Countless episodes of enemy soldiers helping each other occurred. In 1864, a ground fire threatened wounded Northern soldiers lying between the lines – until a Confederate officer stood up, exposing himself to enemy fire, and shouted, "We won’t fire a gun until you get them away." An impromptu cease-fire followed while Federal troops removed their wounded.
Our friends with the Liberty Band today, ( a group which dates back to the Civil War and played at the surrender at Appomattox) will appreciate that when the opposing lines were close enough, and the shooting had temporarily stopped, army musicians sometimes engaged in battles of the bands. Near Fredericksburg, Southern soldiers listened admiringly to a Northern band performance during the winter of 1862. When it concluded, a Johnny Reb called out, "Now give us some of ours" – and the Yankee band obliged with a rendition of "Dixie." When the band concluded, soldiers from both sides broke into a melancholy chorus of "Home, Sweet Home."
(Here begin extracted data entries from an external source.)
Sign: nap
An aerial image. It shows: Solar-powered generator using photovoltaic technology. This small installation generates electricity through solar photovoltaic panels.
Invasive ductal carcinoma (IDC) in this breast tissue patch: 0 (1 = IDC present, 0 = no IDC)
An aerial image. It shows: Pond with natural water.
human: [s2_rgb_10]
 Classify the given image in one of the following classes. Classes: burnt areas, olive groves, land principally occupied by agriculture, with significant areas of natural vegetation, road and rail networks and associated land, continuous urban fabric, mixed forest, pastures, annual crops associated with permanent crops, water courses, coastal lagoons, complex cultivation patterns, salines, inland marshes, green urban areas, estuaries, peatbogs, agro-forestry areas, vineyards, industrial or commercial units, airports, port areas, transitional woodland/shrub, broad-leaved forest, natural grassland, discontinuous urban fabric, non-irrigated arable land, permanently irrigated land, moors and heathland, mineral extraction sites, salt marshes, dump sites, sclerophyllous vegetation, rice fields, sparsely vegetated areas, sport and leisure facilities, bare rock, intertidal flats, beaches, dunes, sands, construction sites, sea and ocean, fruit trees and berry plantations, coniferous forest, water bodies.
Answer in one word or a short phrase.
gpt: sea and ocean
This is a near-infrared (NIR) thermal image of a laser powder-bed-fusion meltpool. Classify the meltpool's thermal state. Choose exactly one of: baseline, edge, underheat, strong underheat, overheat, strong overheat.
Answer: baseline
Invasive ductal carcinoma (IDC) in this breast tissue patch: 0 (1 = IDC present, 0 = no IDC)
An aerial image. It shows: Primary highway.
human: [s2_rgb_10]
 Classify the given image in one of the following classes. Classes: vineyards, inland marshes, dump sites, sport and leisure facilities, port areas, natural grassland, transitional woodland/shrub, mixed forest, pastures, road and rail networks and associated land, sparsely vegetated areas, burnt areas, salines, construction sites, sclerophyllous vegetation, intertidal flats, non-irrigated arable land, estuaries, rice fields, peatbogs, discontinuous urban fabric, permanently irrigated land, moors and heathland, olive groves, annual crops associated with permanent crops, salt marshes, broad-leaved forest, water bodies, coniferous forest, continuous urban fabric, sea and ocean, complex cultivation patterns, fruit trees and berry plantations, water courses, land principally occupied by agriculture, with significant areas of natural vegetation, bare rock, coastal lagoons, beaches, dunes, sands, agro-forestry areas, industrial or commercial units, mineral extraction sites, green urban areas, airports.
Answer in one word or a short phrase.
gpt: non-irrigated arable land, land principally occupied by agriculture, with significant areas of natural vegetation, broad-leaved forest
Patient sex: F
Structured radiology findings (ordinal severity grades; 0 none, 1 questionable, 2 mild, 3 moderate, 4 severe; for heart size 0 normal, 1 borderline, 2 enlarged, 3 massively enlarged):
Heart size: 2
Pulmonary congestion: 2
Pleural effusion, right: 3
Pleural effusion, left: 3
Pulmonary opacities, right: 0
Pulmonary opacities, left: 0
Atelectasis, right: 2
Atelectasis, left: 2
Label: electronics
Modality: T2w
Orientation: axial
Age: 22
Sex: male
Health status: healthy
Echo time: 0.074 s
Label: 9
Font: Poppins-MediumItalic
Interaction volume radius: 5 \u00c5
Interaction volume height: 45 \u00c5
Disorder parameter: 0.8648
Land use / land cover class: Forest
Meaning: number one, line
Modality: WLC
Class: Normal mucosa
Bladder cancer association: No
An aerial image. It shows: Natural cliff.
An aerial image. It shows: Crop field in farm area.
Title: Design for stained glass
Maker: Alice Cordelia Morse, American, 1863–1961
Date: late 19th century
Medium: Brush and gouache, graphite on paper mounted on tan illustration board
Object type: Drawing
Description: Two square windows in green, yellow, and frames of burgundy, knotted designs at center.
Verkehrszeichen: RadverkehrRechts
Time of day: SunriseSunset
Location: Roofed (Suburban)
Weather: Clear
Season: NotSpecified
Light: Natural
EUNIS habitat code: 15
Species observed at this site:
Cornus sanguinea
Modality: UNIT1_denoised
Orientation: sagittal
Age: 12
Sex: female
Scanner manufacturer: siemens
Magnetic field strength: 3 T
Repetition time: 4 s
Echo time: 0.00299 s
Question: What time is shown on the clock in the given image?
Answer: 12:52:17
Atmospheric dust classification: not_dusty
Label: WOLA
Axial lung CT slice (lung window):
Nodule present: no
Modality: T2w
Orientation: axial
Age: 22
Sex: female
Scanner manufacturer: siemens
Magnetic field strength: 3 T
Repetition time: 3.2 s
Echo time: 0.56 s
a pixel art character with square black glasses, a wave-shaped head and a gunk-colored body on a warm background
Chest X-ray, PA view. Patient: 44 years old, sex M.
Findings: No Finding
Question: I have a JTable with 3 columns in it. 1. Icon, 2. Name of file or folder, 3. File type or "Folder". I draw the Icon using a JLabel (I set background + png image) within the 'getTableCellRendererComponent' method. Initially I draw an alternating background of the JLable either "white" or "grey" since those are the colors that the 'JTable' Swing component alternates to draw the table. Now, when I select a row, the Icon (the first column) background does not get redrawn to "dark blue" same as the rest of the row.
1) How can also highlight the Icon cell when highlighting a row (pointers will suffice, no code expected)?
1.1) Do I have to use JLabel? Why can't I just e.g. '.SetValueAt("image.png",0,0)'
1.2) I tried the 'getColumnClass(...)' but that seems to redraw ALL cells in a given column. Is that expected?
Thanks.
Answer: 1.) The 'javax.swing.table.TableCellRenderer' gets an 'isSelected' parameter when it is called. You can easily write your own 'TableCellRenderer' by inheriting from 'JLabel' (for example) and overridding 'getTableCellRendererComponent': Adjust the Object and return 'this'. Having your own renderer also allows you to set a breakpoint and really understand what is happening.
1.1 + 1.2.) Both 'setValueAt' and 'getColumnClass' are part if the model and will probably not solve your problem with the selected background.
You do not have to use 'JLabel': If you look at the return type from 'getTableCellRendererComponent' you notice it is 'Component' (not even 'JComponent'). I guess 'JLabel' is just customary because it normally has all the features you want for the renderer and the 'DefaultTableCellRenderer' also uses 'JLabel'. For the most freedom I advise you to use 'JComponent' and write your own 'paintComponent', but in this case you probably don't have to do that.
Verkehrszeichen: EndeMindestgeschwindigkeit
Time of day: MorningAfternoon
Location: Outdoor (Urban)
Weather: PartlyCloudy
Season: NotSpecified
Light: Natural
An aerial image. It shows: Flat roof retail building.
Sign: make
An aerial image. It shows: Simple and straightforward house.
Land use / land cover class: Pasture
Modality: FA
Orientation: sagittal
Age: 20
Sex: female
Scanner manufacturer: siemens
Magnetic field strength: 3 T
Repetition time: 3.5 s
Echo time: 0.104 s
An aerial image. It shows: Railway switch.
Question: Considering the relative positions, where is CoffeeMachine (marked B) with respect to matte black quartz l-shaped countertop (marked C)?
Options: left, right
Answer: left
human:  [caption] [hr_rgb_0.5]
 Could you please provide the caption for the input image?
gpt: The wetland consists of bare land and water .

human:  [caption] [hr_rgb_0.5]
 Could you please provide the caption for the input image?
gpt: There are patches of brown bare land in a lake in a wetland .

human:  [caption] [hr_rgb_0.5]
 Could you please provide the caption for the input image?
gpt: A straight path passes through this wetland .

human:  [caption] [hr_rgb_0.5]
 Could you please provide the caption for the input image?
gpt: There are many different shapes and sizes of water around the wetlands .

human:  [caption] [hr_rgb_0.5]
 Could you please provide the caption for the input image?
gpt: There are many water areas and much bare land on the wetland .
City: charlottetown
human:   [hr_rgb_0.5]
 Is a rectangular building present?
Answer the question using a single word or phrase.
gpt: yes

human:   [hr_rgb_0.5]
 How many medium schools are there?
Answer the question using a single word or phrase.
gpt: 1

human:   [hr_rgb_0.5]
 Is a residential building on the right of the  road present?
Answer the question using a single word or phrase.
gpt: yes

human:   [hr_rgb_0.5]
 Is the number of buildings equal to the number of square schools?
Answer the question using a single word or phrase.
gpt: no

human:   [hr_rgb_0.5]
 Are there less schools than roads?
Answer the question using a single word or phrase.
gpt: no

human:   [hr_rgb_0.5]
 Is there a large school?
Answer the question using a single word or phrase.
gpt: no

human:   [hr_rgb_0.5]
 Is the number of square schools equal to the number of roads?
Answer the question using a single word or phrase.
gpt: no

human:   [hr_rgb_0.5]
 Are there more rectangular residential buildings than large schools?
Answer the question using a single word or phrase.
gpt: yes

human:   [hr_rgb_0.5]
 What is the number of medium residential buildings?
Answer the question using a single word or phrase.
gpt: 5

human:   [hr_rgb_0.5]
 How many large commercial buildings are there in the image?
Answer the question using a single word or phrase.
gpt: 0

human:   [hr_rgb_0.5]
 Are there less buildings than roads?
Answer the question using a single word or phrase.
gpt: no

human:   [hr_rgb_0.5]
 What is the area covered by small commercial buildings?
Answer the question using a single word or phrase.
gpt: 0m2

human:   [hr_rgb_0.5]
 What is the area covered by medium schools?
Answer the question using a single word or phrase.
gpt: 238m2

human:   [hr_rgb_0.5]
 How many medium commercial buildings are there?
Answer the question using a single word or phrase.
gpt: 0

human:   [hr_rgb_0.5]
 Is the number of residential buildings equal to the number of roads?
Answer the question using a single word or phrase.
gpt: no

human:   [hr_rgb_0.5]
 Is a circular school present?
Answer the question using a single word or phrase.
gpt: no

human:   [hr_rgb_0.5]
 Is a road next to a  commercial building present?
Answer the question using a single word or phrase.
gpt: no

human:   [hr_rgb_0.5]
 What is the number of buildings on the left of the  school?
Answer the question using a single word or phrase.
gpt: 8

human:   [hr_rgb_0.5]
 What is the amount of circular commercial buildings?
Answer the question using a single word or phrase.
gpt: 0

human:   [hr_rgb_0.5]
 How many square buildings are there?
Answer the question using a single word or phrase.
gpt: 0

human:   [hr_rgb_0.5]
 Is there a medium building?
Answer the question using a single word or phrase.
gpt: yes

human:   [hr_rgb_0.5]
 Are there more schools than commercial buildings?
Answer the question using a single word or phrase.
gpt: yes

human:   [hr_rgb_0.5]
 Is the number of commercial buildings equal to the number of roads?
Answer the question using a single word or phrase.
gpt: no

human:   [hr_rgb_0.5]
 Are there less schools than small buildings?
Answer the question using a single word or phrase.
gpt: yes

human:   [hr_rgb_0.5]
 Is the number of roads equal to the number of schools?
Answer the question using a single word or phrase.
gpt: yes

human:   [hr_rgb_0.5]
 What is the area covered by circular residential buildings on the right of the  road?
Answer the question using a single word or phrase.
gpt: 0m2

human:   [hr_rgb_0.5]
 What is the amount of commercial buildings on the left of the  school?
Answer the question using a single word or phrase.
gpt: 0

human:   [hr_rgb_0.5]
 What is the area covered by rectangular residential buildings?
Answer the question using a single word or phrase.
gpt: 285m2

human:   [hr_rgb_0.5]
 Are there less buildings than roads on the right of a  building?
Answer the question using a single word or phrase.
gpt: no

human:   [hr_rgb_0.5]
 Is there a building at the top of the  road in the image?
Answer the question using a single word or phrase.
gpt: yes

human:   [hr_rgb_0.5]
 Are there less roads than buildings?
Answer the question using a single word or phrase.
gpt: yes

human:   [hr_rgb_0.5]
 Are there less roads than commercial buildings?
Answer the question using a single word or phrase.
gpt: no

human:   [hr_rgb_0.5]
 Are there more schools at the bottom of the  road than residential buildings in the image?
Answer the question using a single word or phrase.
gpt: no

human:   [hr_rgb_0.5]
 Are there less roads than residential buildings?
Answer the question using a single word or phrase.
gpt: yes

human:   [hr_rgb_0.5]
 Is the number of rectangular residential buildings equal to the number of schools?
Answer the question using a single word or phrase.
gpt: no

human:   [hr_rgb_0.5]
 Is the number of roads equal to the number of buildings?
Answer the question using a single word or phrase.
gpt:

One man wrote, that they concluded, that the war was the real enemy, and not each other.
“My friend, the enemy,” was a phrase veterans of the war came to call each other at places like Gettysburg where they gathered and remembered – with the understanding that, Northern or Southern, they were Americans all. And all free.
The gaping wounds of conflict take long to heal, we know, but those who have faced battle head on know best how important it is that we do so. Freedom is precious. And for all of us, God desires we know freedom.
Paul writes “You all are chosen for freedom.” “For freedom Christ has freed us. Stand fast.”
Don’t let yourself be shackled to the ideas that rob us of that freedom.
You are freed from the results that are the consequence of life lived apart from God.
And Paul urges us to see others not as rivals but as children of God.
No matter who we are, we are freed children of God
Because Jesus has set us free to love.
How do we live as the free?
Love is the answer.
But in truth, it’s an answer with many questions.
This day we lift up those who shown us love, because they have answered the call, the vocation, the work of serving in our military in war and in peace to protect our freedom. Our military personnel past and present carry out the calling of freedom. And we who are free are called to love. How do we love them? Our songs are great, but is in more.
We who are free can love by being as dedicated to serving our military personnel and their families when they come home as we are dedicated to sending them to serve.
To provide real access to care for those who are wounded. To provide for the needs of military chaplains who show God’s love to those in active service. And for those who come home fractured and still fighting the trauma and stress, we must support, lobby for and and fund the resources to give our men and women the chance to know freedom from their challenges and to be able to receive the mental health and substance abuse support they need for wholeness. We cannot meet sacrificial living on their part with empty promises on ours. We simply cannot.
Paul writes, we are called into a freedom that mirrors God’s life- dedicated to serving others in love.
God’s vision is that the human way of being- is love.
True freedom is expressed in love.
This is not as an ideal or a virtue. Love is care for others expressed in concrete acts of unselfishness. Freedom and love have a cost that we are called to share.
Our faith working through love means not living for oneself.
We cannot allow ourselves to say that our budgets don’t allow for more dollars for our veterans and their families. We must challenge this limit upon love. We must be prepared to meet sacrifice with sacrifice.
And we must expect more from ourselves as a society when we speak and act as the free. Some imagine that freedom is the freedom to live out whatever we desire, to say whatever we want, to do whatever we want, to know no limits or controls. Lately and on all sides, this living without a filter has led to hateful speech and actions that are a misuse of freedom. When we are using our will in opposition to liberation of the human spirit of others, we misunderstand freedom.
Freedom in this sense leads to the enmity, strife, jealousy, anger, quarrels, dissensions, factions and envy Paul warns against in Galatians. Sound familiar?
We try to shape a world of self interest, and it is tempting to buy into the notion of counteracting this with a different expression of “now I want MY way.”
This is why Paul will go on in Galatians to urge we remember the fruits of the Spirit, and perhaps most of all, self control.
The gifts of self control and other fruits of the Spirit are not laws but characteristics.
The fruits of the Holy Spirit are what God gives us to help us balance many questions we have as we try to live as a community of those who are free and those called to love. God in Christ continues to love and free us in the work of the cross and to guide and empower us to live out freedom and love.
Sisters and brothers there is much before us as we ponder how to be free together. How to love one another.
Paul tells us “Keep walking in the Spirit.”
May we avail ourselves of God’s gift in Christ and the fruit of the Spirit, not tapping into the feel good now, consequences be damned response. We must resist threats from within and without that encourage us to flaunt what we think is freedom but will lead to what the world looks like when we ignore the calling and nature God has given us.
May we continue to give thanks to God for all who secure our freedoms. If we truly want to honor their legacy and God’s freedom given, may we rest in the freedom that God’s love in Christ is our true refuge and strength and respond to others in love.